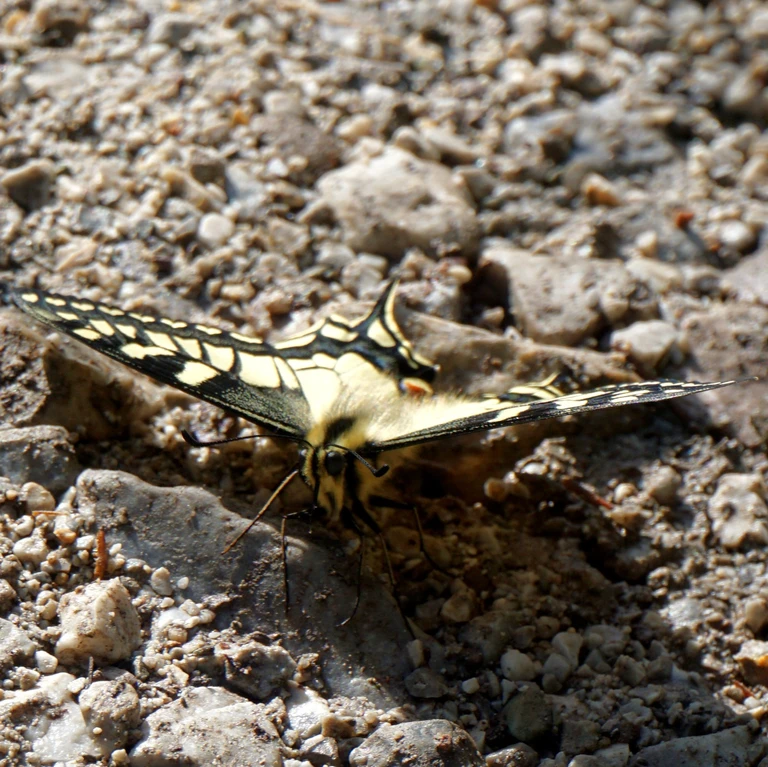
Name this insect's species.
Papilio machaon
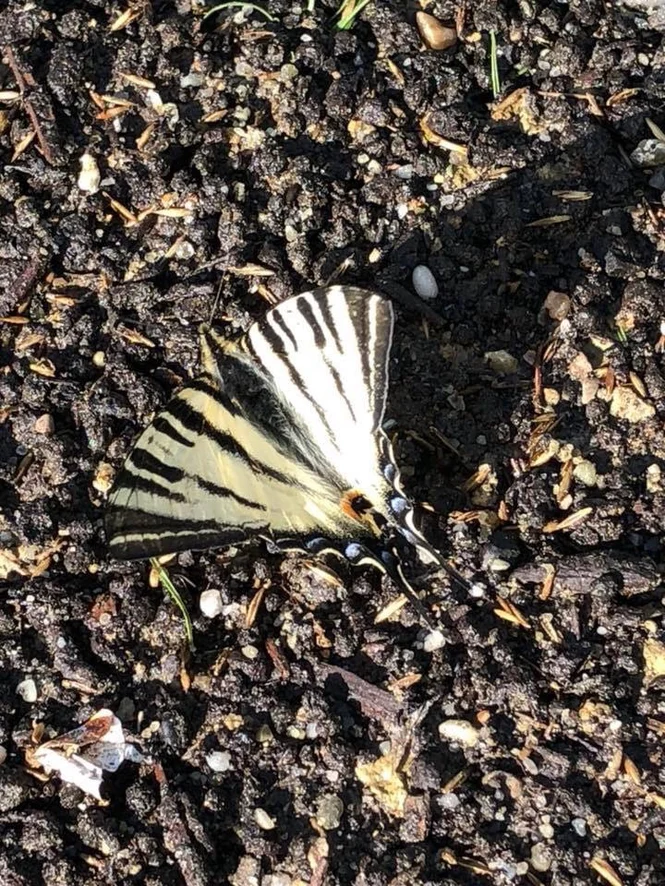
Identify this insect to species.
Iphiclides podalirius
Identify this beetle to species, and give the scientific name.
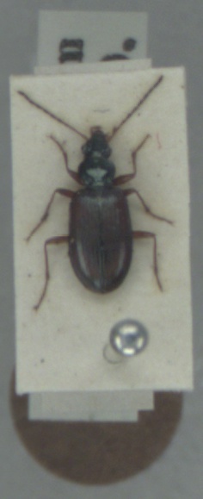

* * *

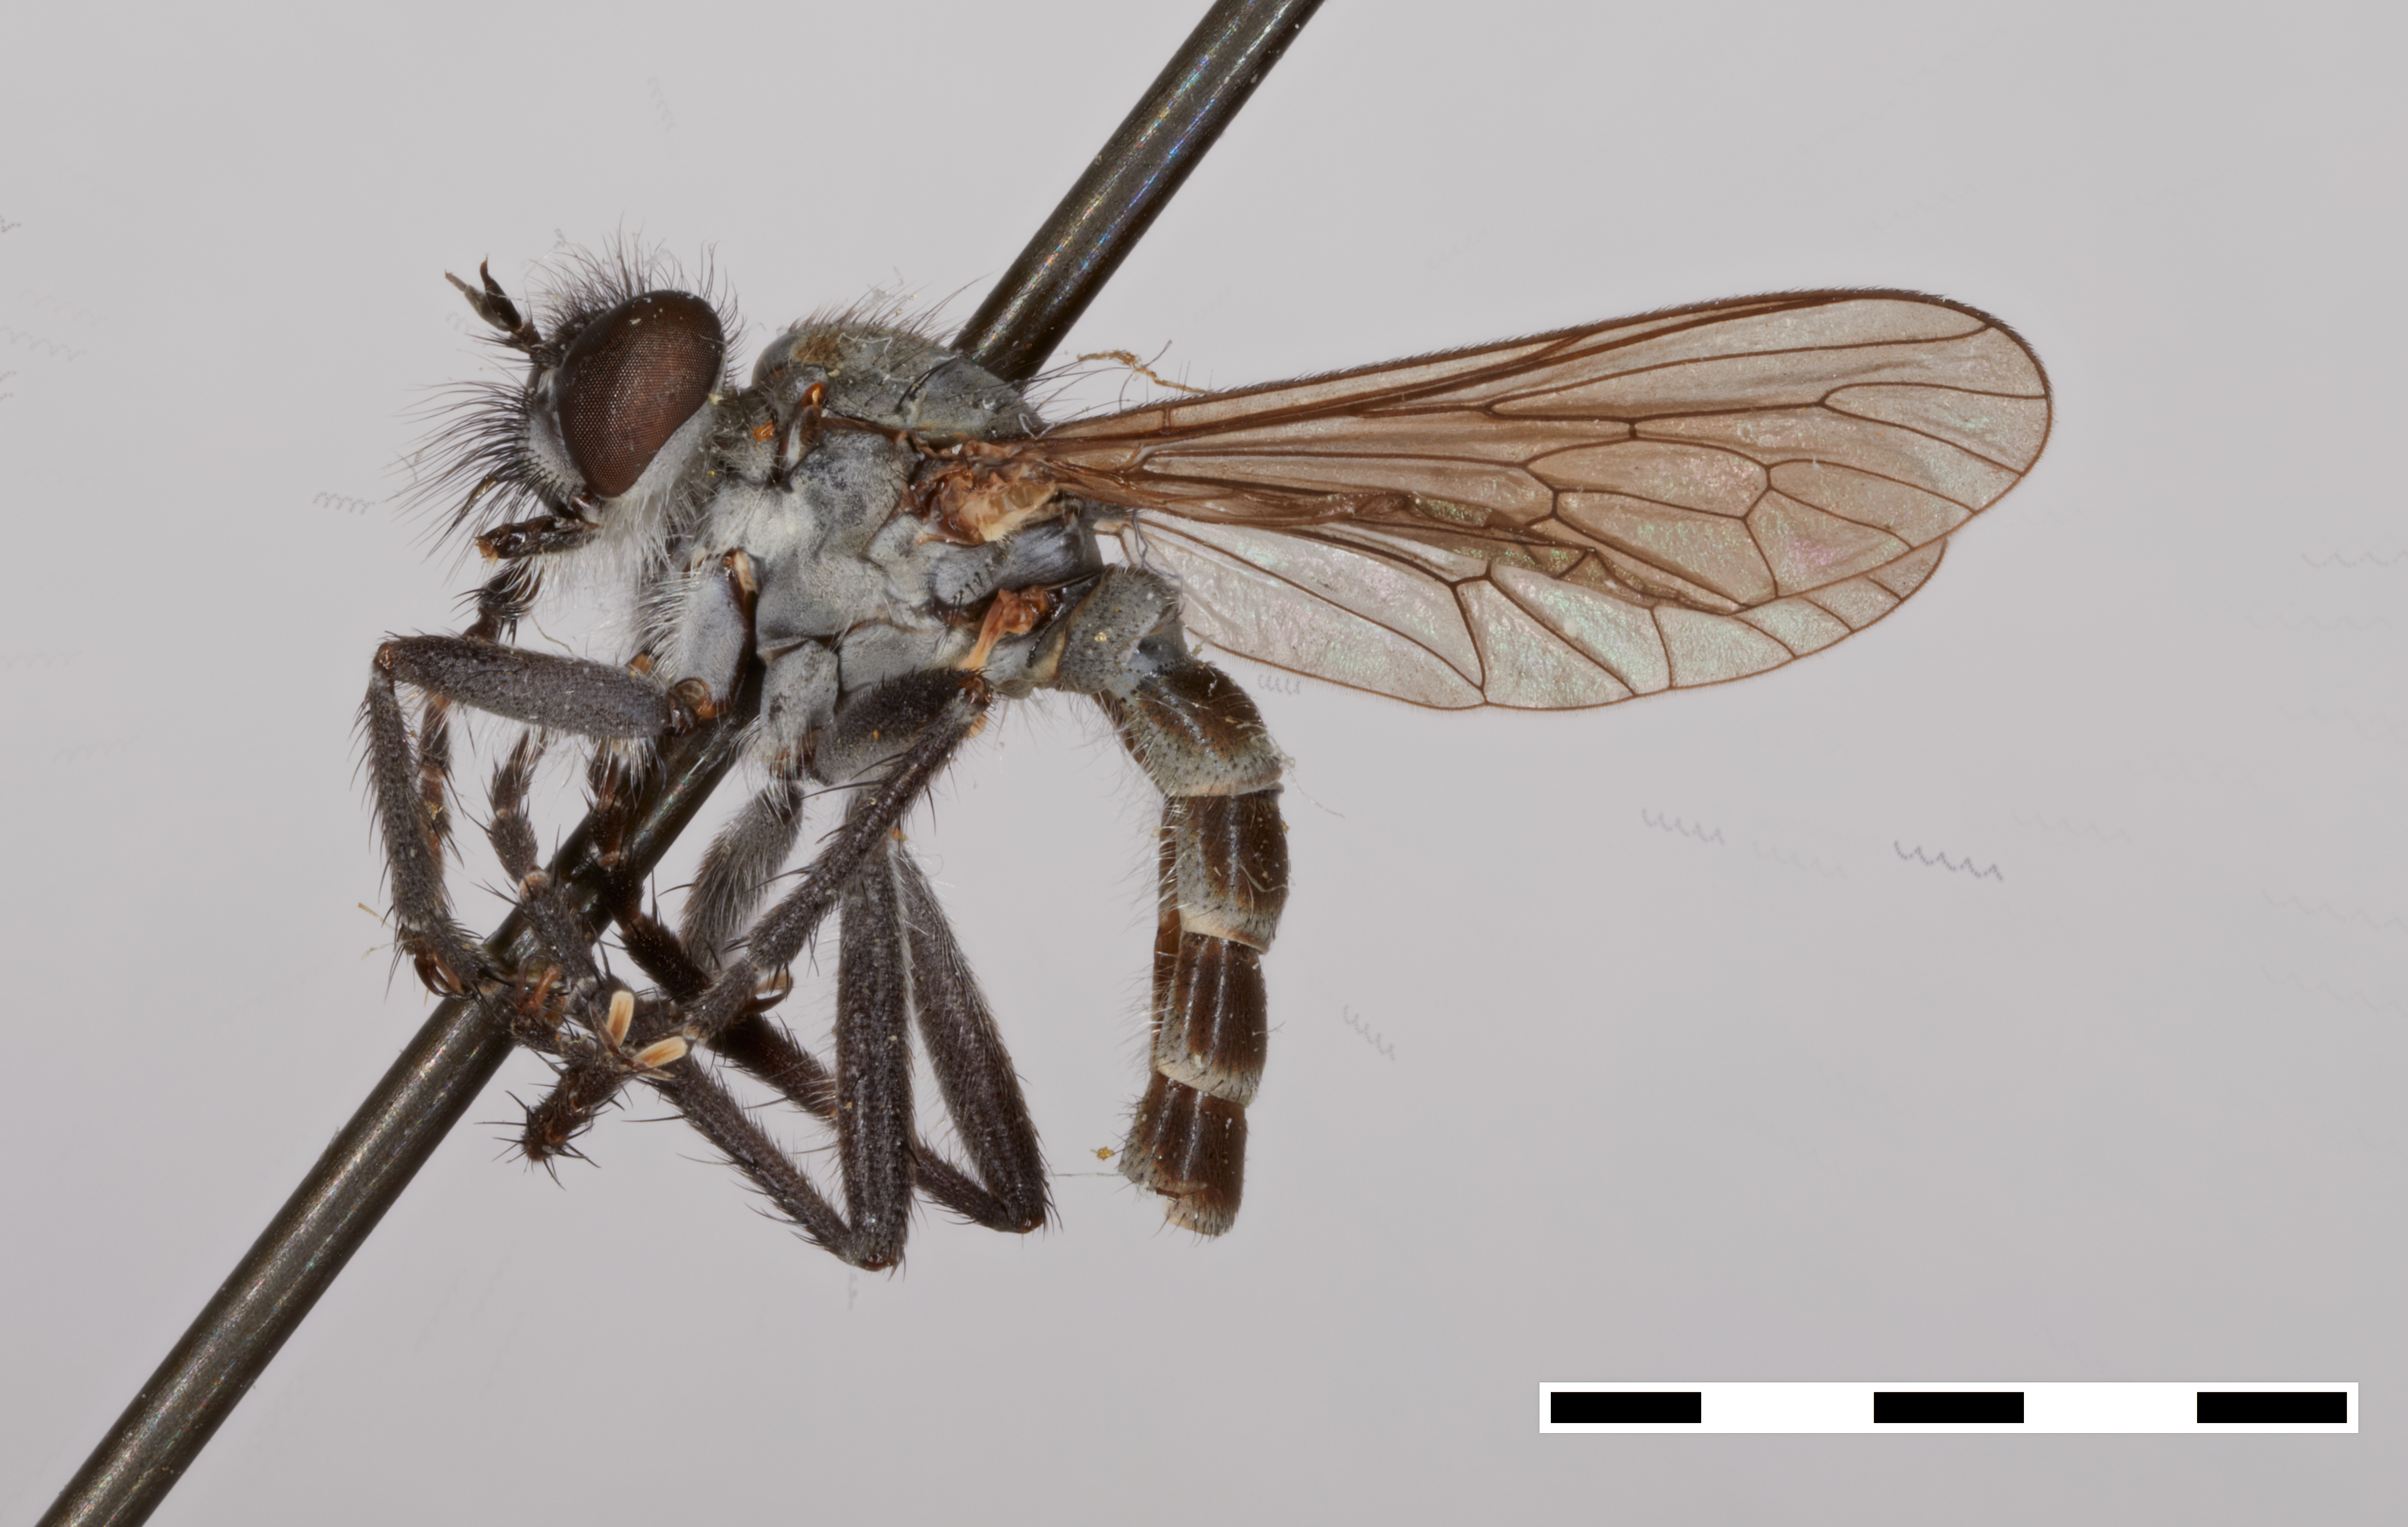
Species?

==

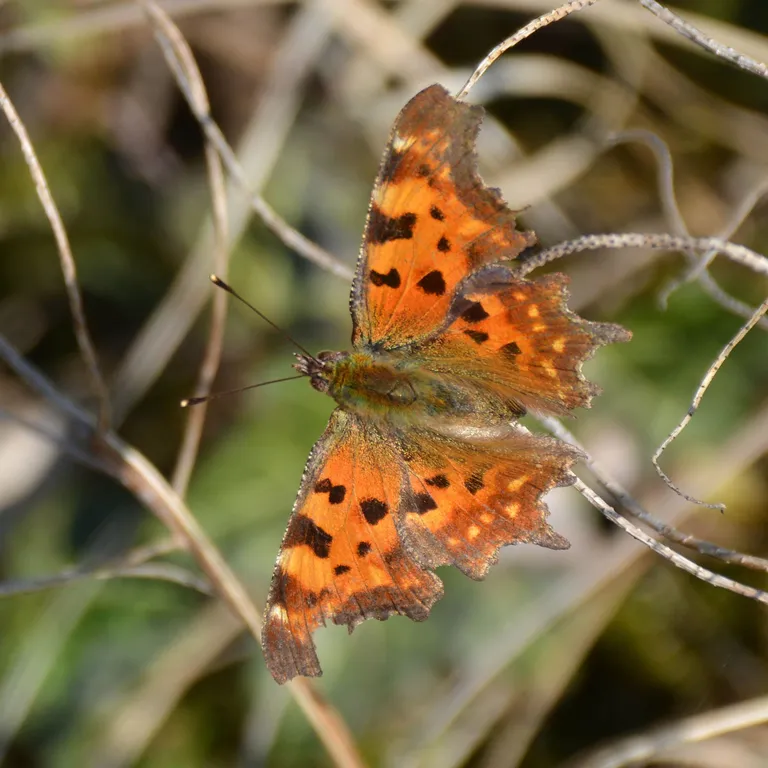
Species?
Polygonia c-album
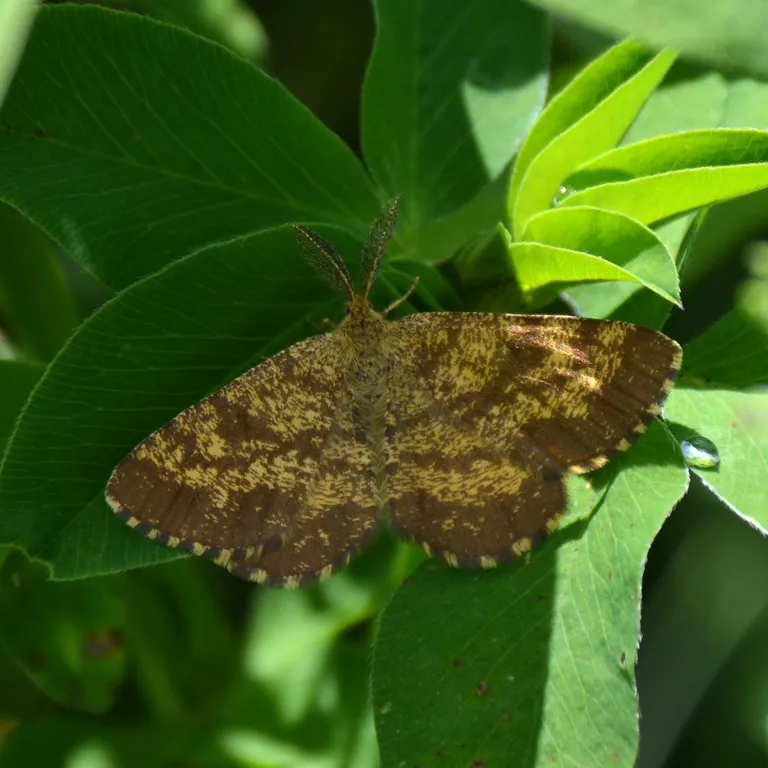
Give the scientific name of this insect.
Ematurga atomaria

* _WHAT YOU ARE ASKED TO DO_
What are the lines, exactly as written above, from the line with "Identify this insect to species." to the line with "Identify this beetle", both included? Output only those.

* _WRITTEN SOLUTION_
Identify this insect to species.
Iphiclides podalirius
Identify this beetle to species, and give the scientific name.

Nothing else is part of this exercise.